Rik Van Cauwelaert
Rik Van Cauwelaert Rik Van Cauwelaert is directeur van Knack.

Volgens Dirk Van der Maelen, SP.A-fractieleider in de Kamer van Volksvertegenwoordigers, moet paars-groen de moed hebben om in te gaan tegen de Amerikaanse aanpak van de Iraakse kwestie. Hij zei dat in een gesprek met de krant De Morgen.

‘België moet de kant kiezen van Duitsland, dat zich ondanks zware Amerikaanse druk, verzet tegen een gewapend optreden in Irak’ vindt Van der Maelen en daarmee zit hij op dezelfde lijn als de kerkleiders die in deze kerstperiode hun vredesboodschappen lanceerden. Een tikkeltje voortvarend voegde hij er zelfs aan toe dat ‘geen enkele Belgische soldaat in Irak mag gaan vechten’.

Van der Maelen zal niet dulden dat de regering, onder druk van de liberale coalitiepartners, uiteindelijk de kant van de Verenigde Staten kiest. ‘Als de regering daarover moet vallen, dan weze dat zo’ zei de vastberaden fractieleider. Hij gaf ook te kennen dat als hij met dit standpunt binnen zijn partij alleen komt te staan, hij niet zal aarzelen zijn persoonlijke conclusies te trekken.

Het valt te vrezen dat Van der Maelen zich de komende weken zal moeten bezinnen over welke vorm die persoonlijke conclusies kunnen aannemen. Want intussen liet NAVO-secretaris-generaal George Robertson er geen twijfel over: in geval van een veldtocht tegen Irak heeft de Noord-Atlantische Verdragsorganisatie, waarvan België een stichtend lid is, ‘de morele plicht’ om de zijde van de VS te kiezen.

Volgens Robertson werd de kwestie al besproken en hebben de Amerikanen hun verlanglijstje – ‘mogelijke opties’ heet dat in NAVO-jargon – aan de bondgenoten voorgelegd. Want, zo weet Robertson, de VS kan deze oorlog niet voeren zonder Noord-Atlantische steunpunten. Die steunpunten zijn de militaire bases in West-Europa – vooral die in het Verenigd Koninkrijk – en in Turkije. Die moeten dienen als bevoorradingsplatforms voor de militaire onderneming.

De goed getimede verklaring van Robertson lijkt te passen in de Amerikaanse plannen.
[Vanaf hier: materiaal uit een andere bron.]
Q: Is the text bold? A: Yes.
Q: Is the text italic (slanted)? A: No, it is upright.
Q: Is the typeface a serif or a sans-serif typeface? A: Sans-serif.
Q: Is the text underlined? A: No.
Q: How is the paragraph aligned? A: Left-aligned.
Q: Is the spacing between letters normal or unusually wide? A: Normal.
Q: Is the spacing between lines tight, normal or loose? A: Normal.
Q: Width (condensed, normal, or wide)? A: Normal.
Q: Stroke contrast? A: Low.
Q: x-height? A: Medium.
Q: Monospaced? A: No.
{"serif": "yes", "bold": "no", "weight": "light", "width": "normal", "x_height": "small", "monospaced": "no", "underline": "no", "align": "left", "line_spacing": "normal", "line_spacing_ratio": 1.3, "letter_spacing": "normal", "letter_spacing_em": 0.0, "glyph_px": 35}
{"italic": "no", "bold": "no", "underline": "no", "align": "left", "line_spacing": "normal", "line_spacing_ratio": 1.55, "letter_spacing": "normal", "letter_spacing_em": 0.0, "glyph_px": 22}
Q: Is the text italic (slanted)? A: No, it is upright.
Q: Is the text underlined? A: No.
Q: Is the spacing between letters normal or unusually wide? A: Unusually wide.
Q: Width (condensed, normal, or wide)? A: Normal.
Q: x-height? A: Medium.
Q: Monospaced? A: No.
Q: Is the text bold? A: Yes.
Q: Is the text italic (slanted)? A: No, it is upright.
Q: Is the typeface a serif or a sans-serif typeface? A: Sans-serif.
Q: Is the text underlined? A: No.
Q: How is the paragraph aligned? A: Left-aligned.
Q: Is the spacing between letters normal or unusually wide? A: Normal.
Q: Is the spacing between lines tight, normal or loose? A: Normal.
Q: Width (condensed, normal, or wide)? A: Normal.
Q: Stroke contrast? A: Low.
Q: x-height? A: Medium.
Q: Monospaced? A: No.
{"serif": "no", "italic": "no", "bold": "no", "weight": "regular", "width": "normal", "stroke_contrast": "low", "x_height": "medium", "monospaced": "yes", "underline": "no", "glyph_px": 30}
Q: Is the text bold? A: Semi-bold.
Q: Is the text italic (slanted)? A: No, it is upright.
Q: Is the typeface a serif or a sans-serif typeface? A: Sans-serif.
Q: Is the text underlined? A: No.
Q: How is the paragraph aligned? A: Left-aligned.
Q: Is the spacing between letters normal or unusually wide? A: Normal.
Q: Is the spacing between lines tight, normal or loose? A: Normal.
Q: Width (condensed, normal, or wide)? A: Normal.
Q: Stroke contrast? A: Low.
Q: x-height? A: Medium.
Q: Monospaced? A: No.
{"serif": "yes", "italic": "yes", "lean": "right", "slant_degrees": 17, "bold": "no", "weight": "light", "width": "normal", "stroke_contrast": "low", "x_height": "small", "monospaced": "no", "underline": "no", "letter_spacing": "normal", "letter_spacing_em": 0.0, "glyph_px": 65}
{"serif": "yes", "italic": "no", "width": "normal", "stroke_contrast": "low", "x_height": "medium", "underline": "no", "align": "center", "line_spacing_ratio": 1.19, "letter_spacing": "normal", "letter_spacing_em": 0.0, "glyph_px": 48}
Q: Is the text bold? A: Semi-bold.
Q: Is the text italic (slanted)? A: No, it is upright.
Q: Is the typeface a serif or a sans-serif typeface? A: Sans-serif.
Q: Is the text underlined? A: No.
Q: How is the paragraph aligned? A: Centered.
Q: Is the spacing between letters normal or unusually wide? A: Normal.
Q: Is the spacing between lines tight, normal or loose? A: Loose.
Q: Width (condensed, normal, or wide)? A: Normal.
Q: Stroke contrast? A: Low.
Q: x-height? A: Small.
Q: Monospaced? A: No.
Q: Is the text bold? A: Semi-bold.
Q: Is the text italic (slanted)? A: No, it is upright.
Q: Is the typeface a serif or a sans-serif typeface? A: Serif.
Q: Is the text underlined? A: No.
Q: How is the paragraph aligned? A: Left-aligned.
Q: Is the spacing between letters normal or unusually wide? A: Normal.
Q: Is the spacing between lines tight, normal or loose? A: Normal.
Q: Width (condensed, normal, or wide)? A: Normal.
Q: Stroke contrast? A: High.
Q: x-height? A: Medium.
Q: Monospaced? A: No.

Eerder dit jaar, tijdens een toespraak voor de militaire academie in West Point, lanceerde de Amerikaanse president George W. Bush een oude doctrine, die van ‘de preventieve oorlog’.

Dat mocht enigszins verrassend heten, want het waren uitgerekend de Amerikanen die er in 1837 voor zorgden, na een incident met de Britten die een Amerikaans schip hadden gekelderd, dat een preventieve aanval door het internationaal recht wordt veroordeeld. Op basis daarvan kapittelde de VS in 1981 de Israëliërs, ironisch genoeg, wegens hun luchtaanval op de Iraakse kernreactor in Osirak.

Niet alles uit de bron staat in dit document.